What are the advantages of Active electrodes with respect to shielding ?
 

Please note that the principles of shielded electrode cables were already fully analyzed in a scientific paper by the BioSemi group more than 13 years ago. It is remarkable to see that the technique is regularly presented as something "new" by competitors. Development at BioSemi on the other hand has not stood still during the last decade, resulting in the very successful Active Electrode. The Active Electrode is a superior solution for the problem of interference pickup of the cables, providing the best possible suppression of interference by impedance transformation directly on the electrode. The Active Electrode has an output impedance of less than 1 Ohm, ensuring that the signal in the cable is fully insensitive to interference (compare this 1 Ohm with the tens or even hundreds of KOhms of a passive electrode and you get an idea of the effectiveness of the principle.) In addition, the Active Electrode has crucial advantages with respect to shielding and guarding (see note) techniques:

Highest possible input impedance because of minimal signal path length between electrode and first amplifier stage.
Minimal stray-capacitances of the input.
Low impedance output of the electrode allows the use of reliable, cost-effective light-weight cables (no need for expensive low-noise heavy coax cables).
Low impedance output of the electrode combined with matched low input impedance of the AD-box eliminates contact problems in the electrode connectors (no "cracking" when you move the electrode cables or connectors as seen with all passive electrode systems).
No need for delicate expensive coaxial plugs.
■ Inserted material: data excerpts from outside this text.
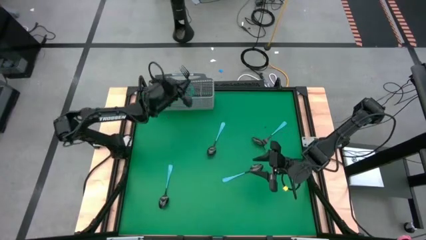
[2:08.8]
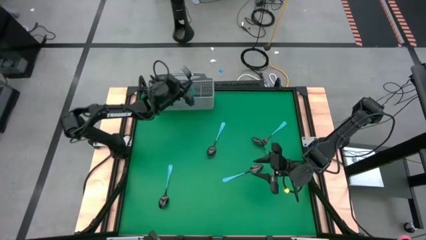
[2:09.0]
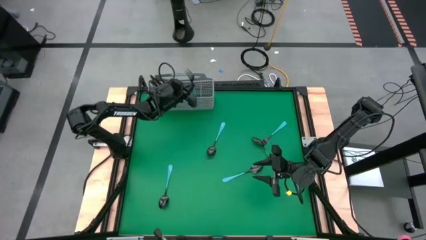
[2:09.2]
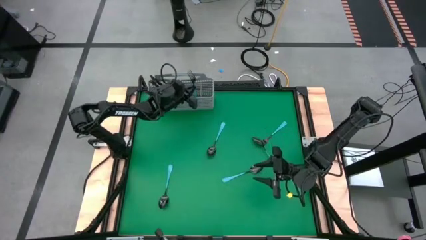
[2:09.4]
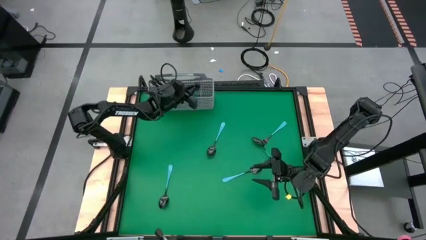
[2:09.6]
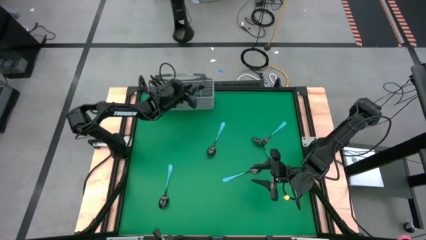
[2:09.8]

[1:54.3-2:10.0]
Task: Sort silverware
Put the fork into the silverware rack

Active electrode systems can use convenient multi-pole plugs. As used in the BioSemi setup with 32 electrodes per connector. (Imagine having a spaghetti of 128 electrode cables going to your headbox)
Low impedance output eliminates artifacts by cable movements. (all systems with shielded coax cable are particularly sensitive to this problem because of micro phony and piezo electric effects generated by the isolation layer between the inner core and the shield).
No danger for amplifier instability because of the absence of complicated feedback loops with unknown parameters (i.e. electrode impedances and subject stray-capacitances). A cable shield driven by a guarding circuit (see note) forms a loop with positive feedback which may become unstable with particular combinations of electrode impedances and subject stray-capacitances (see this paper for more information).

 

Note: Active shielding is nothing else than the 50 year old principle of guarding as described in every textbook on electronic engineering and application notes from several semiconductor companies (Analog devices, Linear Technology). The use of the word 'active' is misleading in this context because the electrode remains fully passive. No electronics are integrated in the electrode. There is no impedance transformation on the electrode.